Generic term for clinically heterogeneous clinical pictures characterized by mast cell hyperplasia in the skin (and in internal organs). The spectrum ranges from solitary skin tumors to variously pronounced (variants of the so-called"urticaria pigmentosa"), in extreme cases erythrodermic skin manifestations.
The term "cutaneous mastocytosis" implies a purely cutaneous clinical picture. This is mostly found in children, less frequently in adults. Adult forms of mastocytosis are usually a "systemic disease" with a differently accentuated extracutaneous pattern of infestation, in which the cutaneous infestation can be regarded as a monitory and thus frequently leading to a diagnosis.

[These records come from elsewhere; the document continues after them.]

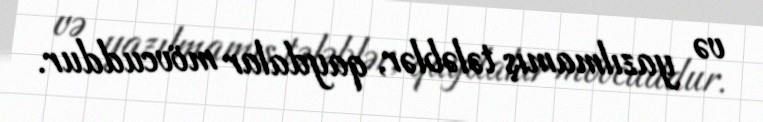
və yazılmamış tələblər, qaydalar mövcuddur.
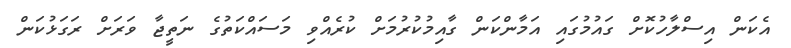
އެކަން އިސްލާހުކޮށް ގައުމުގައި އަމާންކަން ގާއިމުކުރުމަށް ކުރެއްވި މަސައްކަތުގެ ނަތީޖާ ވަރަށް ރަގަޅުކަން
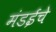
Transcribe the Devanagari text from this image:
मंडईचे
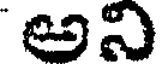
అని
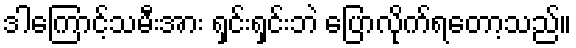
ဒါကြောင့်သမီးအား ရှင်းရှင်းဘဲ ပြောလိုက်ရတော့သည်။
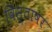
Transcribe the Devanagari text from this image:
विस्ताषर
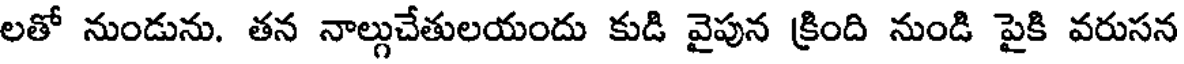
లతో నుండును. తన నాల్గుచేతులయందు కుడి వైపున క్రింది నుండి పైకి వరుసన
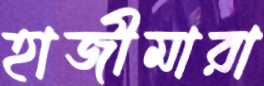
হাজীমারা
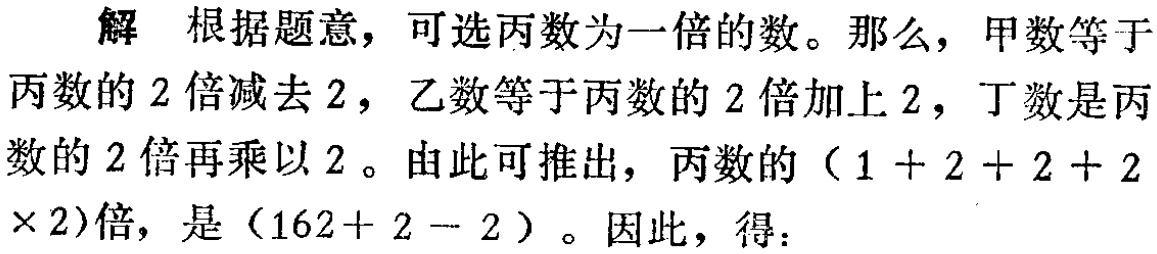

Tryptase: If systemic mastocytosis is suspected, tryptase is determined according to the guidelines (standard value: <20µg/l). If the value is exceeded, systemic mastocytosis is considered possible and a bone marrow biopsy and screening for other systemic involvement is sought. At low levels, extensive diagnostic testing is usually not performed without compelling clinical evidence. In a larger study, systemic mastocytosis could be confirmed in 32% of patients with cutaneous mastocytosis by bone marrow histology. In addition, N-methylhistamine or 1,4-methylimidazole acetic acid can be determined in the collected urine.